Er war seit 2006 an allen Olympischen Spielen als Journalist dabei, doch in Tokio fehlt er – und ist froh darüber. Marcel Allemann (51), Olympia-Experte von «blue Sport» befürchtet, dass die Spiele ihre Strahlkraft verlieren, freut sich aber trotzdem auf hochklassigen Sport.
Marcel, wann warst du letztmals an Olympischen Spielen nicht selbst vor Ort?
Das war 2004 in Athen, seither habe ich nicht mehr gefehlt, sowohl an Sommer- wie auch Winterspielen.
Bist du traurig darüber, in Tokio nicht dabei zu sein?

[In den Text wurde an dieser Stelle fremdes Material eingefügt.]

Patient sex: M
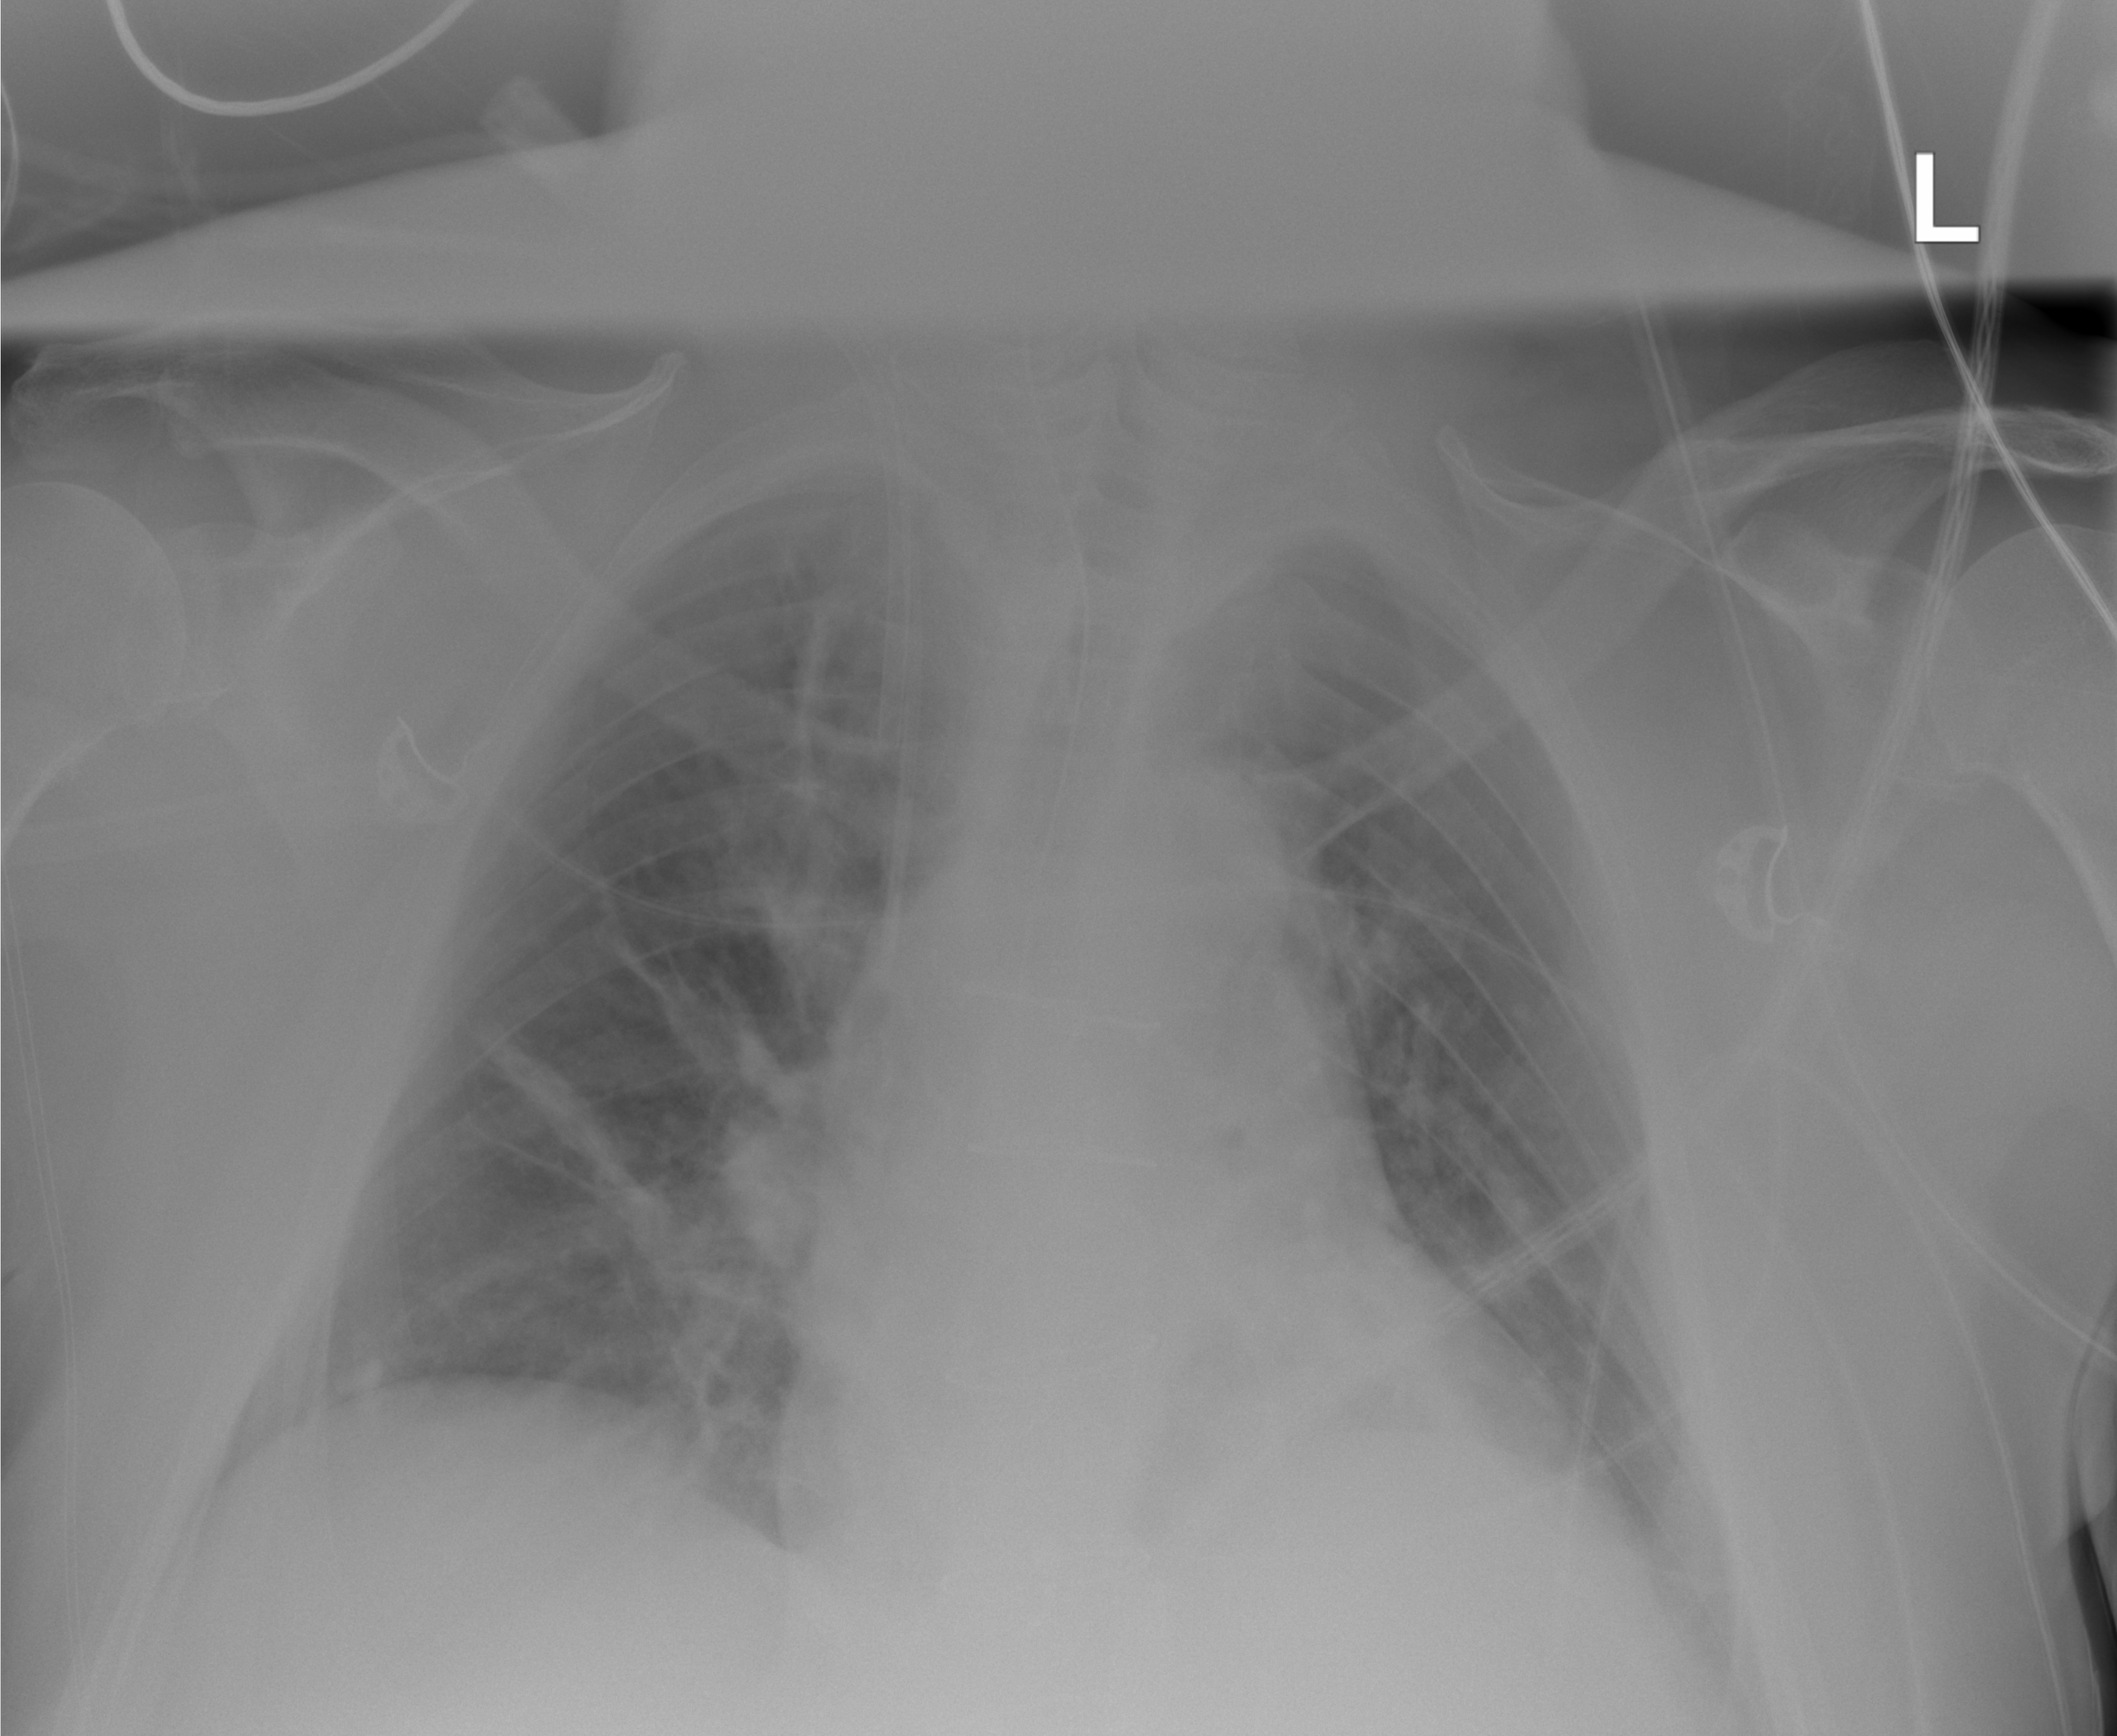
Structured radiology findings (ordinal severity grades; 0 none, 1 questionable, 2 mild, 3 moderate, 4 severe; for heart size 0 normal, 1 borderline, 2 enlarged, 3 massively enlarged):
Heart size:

Jein. Einerseits waren Olympische Spiele für mich stets der absolute Höhepunkt, so viele einzigartige Geschichten schreibt sonst kein Sportanlass. Es wird daher vermutlich schon ein seltsames Gefühl sein, wenn die Wettkämpfe am Wochenende losgehen und ich dabei in meinem Wohnzimmer oder im Büro statt im Stadion oder Medienzentrum sitze. Andererseits: Diese Olympischen Spiele werden keine Olympischen Spiele sein, wie ich sie kennenlernen durfte. Da bin ich vor dem Fernseher wesentlich besser aufgehoben.
Weshalb glaubst du das?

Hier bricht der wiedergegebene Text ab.